WORK REQUEST:
Two lines below mark the span: the one containing "key: PRODUCT1_NAME" and the one containing "value: $7849". Set down both, plus every line between, exactly as they stand, and nothing else.

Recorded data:
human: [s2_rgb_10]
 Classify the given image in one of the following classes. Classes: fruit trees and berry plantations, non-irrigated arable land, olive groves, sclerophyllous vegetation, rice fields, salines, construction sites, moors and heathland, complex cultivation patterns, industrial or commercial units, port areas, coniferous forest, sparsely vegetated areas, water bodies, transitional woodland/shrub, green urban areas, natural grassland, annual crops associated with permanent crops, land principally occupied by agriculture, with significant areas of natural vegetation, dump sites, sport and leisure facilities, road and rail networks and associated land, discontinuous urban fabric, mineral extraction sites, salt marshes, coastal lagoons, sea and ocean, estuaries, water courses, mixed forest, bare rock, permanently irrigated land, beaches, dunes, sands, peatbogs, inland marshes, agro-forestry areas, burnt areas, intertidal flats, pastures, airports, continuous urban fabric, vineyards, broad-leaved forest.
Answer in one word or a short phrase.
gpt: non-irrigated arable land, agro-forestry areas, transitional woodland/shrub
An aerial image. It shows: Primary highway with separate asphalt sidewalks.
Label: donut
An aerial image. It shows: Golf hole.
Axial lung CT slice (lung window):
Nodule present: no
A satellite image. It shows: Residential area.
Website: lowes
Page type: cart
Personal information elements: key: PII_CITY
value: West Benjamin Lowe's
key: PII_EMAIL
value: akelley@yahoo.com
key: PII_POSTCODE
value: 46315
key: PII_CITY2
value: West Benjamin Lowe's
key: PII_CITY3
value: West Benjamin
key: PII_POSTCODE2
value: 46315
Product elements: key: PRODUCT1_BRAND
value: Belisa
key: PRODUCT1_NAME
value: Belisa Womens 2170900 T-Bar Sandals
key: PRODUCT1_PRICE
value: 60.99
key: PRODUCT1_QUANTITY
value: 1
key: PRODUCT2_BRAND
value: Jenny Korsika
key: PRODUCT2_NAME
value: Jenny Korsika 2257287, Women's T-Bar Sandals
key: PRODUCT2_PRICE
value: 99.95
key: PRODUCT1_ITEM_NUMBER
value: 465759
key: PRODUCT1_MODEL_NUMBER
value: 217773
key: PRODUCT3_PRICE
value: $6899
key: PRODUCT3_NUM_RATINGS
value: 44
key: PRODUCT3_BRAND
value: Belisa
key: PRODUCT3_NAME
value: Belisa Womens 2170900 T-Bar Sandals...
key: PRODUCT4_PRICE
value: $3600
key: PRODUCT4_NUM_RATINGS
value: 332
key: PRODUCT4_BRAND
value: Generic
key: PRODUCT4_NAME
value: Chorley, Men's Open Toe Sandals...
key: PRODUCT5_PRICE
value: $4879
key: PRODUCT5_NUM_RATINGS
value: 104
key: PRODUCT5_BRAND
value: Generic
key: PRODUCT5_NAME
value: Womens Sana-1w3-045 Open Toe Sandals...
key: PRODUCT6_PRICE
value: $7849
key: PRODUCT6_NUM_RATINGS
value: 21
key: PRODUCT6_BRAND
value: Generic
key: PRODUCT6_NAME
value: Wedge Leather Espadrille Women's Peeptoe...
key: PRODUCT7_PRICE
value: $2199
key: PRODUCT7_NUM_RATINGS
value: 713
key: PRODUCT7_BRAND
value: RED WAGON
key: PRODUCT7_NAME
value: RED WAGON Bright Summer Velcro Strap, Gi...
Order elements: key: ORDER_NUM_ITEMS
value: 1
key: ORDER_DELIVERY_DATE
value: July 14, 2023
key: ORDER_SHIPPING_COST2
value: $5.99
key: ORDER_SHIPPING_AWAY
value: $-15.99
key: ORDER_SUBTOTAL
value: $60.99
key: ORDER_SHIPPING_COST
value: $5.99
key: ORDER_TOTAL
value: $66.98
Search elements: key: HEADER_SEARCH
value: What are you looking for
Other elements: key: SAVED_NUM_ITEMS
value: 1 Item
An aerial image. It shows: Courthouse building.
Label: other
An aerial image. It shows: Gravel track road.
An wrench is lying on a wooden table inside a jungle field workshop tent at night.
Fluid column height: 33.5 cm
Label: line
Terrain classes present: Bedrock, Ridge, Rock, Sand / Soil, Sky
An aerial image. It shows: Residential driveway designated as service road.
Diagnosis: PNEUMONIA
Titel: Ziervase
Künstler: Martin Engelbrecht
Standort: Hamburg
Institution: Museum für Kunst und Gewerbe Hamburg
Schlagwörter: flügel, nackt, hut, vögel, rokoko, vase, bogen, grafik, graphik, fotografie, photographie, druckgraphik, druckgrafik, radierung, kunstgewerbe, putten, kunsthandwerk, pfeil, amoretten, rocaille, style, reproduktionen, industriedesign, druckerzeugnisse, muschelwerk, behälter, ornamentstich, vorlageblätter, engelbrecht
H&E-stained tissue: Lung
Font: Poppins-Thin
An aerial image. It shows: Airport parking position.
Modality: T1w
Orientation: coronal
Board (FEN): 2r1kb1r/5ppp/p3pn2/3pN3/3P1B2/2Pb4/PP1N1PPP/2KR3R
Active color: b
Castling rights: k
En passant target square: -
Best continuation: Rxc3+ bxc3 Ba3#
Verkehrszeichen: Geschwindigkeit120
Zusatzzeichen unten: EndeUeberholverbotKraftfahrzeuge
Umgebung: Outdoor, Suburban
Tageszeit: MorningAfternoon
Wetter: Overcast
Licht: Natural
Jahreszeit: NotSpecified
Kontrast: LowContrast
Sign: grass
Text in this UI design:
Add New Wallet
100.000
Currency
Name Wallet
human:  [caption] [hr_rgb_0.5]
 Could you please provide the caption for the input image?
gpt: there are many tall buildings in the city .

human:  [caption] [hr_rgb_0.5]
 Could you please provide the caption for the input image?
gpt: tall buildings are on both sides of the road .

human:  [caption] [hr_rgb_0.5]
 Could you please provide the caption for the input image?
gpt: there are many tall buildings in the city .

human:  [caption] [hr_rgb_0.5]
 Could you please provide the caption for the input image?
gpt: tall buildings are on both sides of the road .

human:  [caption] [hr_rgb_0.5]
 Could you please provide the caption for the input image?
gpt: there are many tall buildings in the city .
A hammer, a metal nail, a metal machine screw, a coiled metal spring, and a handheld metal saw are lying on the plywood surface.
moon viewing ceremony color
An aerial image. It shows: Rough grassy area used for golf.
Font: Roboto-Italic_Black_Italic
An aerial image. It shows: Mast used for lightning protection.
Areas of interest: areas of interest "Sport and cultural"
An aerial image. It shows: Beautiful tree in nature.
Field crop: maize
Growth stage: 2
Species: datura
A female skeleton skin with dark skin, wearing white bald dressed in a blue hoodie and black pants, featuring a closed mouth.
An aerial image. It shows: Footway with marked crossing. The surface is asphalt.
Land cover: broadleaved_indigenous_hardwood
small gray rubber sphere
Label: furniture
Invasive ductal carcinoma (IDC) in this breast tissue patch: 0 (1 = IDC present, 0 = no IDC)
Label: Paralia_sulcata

SOLUTION TO THIS PROBLEM:
key: PRODUCT1_NAME
value: Belisa Womens 2170900 T-Bar Sandals
key: PRODUCT1_PRICE
value: 60.99
key: PRODUCT1_QUANTITY
value: 1
key: PRODUCT2_BRAND
value: Jenny Korsika
key: PRODUCT2_NAME
value: Jenny Korsika 2257287, Women's T-Bar Sandals
key: PRODUCT2_PRICE
value: 99.95
key: PRODUCT1_ITEM_NUMBER
value: 465759
key: PRODUCT1_MODEL_NUMBER
value: 217773
key: PRODUCT3_PRICE
value: $6899
key: PRODUCT3_NUM_RATINGS
value: 44
key: PRODUCT3_BRAND
value: Belisa
key: PRODUCT3_NAME
value: Belisa Womens 2170900 T-Bar Sandals...
key: PRODUCT4_PRICE
value: $3600
key: PRODUCT4_NUM_RATINGS
value: 332
key: PRODUCT4_BRAND
value: Generic
key: PRODUCT4_NAME
value: Chorley, Men's Open Toe Sandals...
key: PRODUCT5_PRICE
value: $4879
key: PRODUCT5_NUM_RATINGS
value: 104
key: PRODUCT5_BRAND
value: Generic
key: PRODUCT5_NAME
value: Womens Sana-1w3-045 Open Toe Sandals...
key: PRODUCT6_PRICE
value: $7849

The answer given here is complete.